> _Recorded data_

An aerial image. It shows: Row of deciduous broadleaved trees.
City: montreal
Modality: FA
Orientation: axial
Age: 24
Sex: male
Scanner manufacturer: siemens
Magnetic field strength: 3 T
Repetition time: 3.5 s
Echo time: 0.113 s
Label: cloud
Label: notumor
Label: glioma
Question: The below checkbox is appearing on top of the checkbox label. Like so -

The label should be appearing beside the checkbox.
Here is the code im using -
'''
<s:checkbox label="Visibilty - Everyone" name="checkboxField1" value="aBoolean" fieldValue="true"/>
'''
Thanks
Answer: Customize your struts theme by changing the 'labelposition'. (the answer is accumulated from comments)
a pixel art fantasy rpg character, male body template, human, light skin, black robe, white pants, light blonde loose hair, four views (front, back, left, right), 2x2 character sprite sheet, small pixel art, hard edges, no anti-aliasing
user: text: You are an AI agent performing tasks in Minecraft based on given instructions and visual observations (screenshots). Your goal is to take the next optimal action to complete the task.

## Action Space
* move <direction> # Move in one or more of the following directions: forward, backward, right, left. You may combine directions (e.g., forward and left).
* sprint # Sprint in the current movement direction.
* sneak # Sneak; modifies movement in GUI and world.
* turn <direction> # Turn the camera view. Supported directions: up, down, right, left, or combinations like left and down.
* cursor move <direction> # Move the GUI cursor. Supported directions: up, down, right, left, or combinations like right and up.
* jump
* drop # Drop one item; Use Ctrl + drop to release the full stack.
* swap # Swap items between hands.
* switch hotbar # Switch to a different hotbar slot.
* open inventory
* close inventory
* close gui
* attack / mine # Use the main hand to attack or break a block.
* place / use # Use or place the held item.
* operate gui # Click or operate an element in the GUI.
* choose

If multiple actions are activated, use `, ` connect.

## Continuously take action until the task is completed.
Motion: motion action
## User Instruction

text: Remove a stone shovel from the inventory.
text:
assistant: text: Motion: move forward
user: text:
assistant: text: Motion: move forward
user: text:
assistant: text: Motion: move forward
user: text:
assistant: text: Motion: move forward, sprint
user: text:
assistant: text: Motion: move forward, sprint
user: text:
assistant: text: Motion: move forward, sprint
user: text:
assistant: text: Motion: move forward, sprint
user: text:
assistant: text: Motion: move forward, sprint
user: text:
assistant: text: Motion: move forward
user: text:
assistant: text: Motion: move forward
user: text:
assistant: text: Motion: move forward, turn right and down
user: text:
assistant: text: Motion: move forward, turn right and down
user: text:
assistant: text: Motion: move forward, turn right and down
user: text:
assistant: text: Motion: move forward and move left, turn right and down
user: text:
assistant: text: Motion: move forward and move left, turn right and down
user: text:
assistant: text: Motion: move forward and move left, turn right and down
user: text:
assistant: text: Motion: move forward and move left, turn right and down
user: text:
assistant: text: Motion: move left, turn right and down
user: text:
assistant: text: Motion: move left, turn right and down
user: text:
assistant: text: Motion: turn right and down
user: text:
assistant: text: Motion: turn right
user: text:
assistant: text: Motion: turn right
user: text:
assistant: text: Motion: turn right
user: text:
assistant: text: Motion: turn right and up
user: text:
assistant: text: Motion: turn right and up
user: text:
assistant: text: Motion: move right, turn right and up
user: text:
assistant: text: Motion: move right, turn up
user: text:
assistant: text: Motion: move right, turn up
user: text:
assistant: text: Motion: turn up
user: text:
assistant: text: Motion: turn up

> _Exercise brief_
The response should be an exact repeat of the data above.

> _Response_
An aerial image. It shows: Row of deciduous broadleaved trees.
City: montreal
Modality: FA
Orientation: axial
Age: 24
Sex: male
Scanner manufacturer: siemens
Magnetic field strength: 3 T
Repetition time: 3.5 s
Echo time: 0.113 s
Label: cloud
Label: notumor
Label: glioma
Question: The below checkbox is appearing on top of the checkbox label. Like so -

The label should be appearing beside the checkbox.
Here is the code im using -
'''
<s:checkbox label="Visibilty - Everyone" name="checkboxField1" value="aBoolean" fieldValue="true"/>
'''
Thanks
Answer: Customize your struts theme by changing the 'labelposition'. (the answer is accumulated from comments)
a pixel art fantasy rpg character, male body template, human, light skin, black robe, white pants, light blonde loose hair, four views (front, back, left, right), 2x2 character sprite sheet, small pixel art, hard edges, no anti-aliasing
user: text: You are an AI agent performing tasks in Minecraft based on given instructions and visual observations (screenshots). Your goal is to take the next optimal action to complete the task.

## Action Space
* move <direction> # Move in one or more of the following directions: forward, backward, right, left. You may combine directions (e.g., forward and left).
* sprint # Sprint in the current movement direction.
* sneak # Sneak; modifies movement in GUI and world.
* turn <direction> # Turn the camera view. Supported directions: up, down, right, left, or combinations like left and down.
* cursor move <direction> # Move the GUI cursor. Supported directions: up, down, right, left, or combinations like right and up.
* jump
* drop # Drop one item; Use Ctrl + drop to release the full stack.
* swap # Swap items between hands.
* switch hotbar # Switch to a different hotbar slot.
* open inventory
* close inventory
* close gui
* attack / mine # Use the main hand to attack or break a block.
* place / use # Use or place the held item.
* operate gui # Click or operate an element in the GUI.
* choose

If multiple actions are activated, use `, ` connect.

## Continuously take action until the task is completed.
Motion: motion action
## User Instruction

text: Remove a stone shovel from the inventory.
text:
assistant: text: Motion: move forward
user: text:
assistant: text: Motion: move forward
user: text:
assistant: text: Motion: move forward
user: text:
assistant: text: Motion: move forward, sprint
user: text:
assistant: text: Motion: move forward, sprint
user: text:
assistant: text: Motion: move forward, sprint
user: text:
assistant: text: Motion: move forward, sprint
user: text:
assistant: text: Motion: move forward, sprint
user: text:
assistant: text: Motion: move forward
user: text:
assistant: text: Motion: move forward
user: text:
assistant: text: Motion: move forward, turn right and down
user: text:
assistant: text: Motion: move forward, turn right and down
user: text:
assistant: text: Motion: move forward, turn right and down
user: text:
assistant: text: Motion: move forward and move left, turn right and down
user: text:
assistant: text: Motion: move forward and move left, turn right and down
user: text:
assistant: text: Motion: move forward and move left, turn right and down
user: text:
assistant: text: Motion: move forward and move left, turn right and down
user: text:
assistant: text: Motion: move left, turn right and down
user: text:
assistant: text: Motion: move left, turn right and down
user: text:
assistant: text: Motion: turn right and down
user: text:
assistant: text: Motion: turn right
user: text:
assistant: text: Motion: turn right
user: text:
assistant: text: Motion: turn right
user: text:
assistant: text: Motion: turn right and up
user: text:
assistant: text: Motion: turn right and up
user: text:
assistant: text: Motion: move right, turn right and up
user: text:
assistant: text: Motion: move right, turn up
user: text:
assistant: text: Motion: move right, turn up
user: text:
assistant: text: Motion: turn up
user: text:
assistant: text: Motion: turn up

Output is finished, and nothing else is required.